Quantifying experimental edge plasma evolution via multidimensional adaptive Gaussian process regression

TL;DR

This paper introduces a multidimensional adaptive Gaussian process method for analyzing noisy, spatiotemporal edge plasma data in tokamaks, improving the quantification of dynamic plasma profiles and phenomena.

Contribution

The paper presents a novel adaptive Gaussian process framework that automatically manages noisy data and captures complex spatiotemporal plasma behaviors.

Findings

Effective handling of noisy measurements in plasma data

Enhanced quantification of edge plasma evolution

Application to Alcator C-Mod tokamak data

Abstract

The edge density and temperature of tokamak plasmas are strongly correlated with energy and particle confinement and their quantification is fundamental to understanding edge dynamics. These quantities exhibit behaviours ranging from sharp plasma gradients and fast transient phenomena (e.g. transitions between low and high confinement regimes) to nominal stationary phases.

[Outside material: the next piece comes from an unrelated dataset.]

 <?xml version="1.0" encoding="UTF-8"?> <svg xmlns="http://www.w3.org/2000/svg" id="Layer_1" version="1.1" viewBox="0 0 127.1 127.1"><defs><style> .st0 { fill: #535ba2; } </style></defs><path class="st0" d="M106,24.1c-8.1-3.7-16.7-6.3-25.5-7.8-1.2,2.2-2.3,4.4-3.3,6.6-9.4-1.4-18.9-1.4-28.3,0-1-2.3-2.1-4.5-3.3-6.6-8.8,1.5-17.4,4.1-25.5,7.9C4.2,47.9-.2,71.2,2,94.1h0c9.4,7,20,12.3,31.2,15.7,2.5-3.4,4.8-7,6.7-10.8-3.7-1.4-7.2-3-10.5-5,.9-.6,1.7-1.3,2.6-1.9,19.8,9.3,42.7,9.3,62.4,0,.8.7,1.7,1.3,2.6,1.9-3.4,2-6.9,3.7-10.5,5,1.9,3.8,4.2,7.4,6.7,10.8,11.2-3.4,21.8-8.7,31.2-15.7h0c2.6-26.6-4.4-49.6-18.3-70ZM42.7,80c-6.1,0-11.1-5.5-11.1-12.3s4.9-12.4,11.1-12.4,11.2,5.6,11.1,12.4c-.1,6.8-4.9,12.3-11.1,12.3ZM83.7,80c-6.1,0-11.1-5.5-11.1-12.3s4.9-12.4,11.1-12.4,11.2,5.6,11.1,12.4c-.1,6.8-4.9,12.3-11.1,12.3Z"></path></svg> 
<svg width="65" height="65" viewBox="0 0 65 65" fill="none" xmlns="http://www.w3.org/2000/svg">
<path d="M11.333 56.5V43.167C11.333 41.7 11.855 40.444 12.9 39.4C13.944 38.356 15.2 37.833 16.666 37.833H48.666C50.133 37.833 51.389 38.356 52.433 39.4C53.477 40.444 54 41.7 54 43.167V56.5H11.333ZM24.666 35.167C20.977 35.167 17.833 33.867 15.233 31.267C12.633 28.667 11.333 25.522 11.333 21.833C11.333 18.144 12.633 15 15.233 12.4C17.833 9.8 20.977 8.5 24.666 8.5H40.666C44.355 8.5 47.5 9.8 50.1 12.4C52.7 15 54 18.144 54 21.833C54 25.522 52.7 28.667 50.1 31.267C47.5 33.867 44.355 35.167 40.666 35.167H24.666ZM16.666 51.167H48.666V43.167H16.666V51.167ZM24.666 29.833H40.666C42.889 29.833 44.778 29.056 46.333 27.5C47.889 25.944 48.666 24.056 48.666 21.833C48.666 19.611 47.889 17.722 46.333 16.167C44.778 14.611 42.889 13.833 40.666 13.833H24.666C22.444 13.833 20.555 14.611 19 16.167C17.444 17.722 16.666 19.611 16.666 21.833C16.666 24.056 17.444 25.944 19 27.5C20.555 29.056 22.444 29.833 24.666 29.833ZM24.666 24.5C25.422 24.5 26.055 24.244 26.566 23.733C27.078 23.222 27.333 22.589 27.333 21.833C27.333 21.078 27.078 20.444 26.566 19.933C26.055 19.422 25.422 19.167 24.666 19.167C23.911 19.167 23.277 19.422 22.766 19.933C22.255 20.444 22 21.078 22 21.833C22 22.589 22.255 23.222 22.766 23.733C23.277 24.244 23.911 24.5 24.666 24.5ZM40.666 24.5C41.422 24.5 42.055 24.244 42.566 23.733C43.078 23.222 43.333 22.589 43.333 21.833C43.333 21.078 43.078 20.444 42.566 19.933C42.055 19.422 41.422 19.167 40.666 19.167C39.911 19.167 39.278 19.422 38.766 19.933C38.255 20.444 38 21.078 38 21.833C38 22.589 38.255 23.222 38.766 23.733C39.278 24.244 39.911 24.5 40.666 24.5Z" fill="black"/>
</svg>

Analysis of experimental edge measurements therefore require robust fitting techniques to capture potentially stiff spatiotemporal evolution. Additionally, fusion plasma diagnostics inevitably involve measurement errors and data analysis requires a statistical framework to accurately quantify uncertainties. This paper outlines a generalized multidimensional adaptive Gaussian process routine capable of automatically handling noisy data and spatiotemporal correlations. We focus on the edge-pedestal region in order to underline advancements in quantifying time-dependent plasma profiles including transport barrier formation on the Alcator C-Mod tokamak.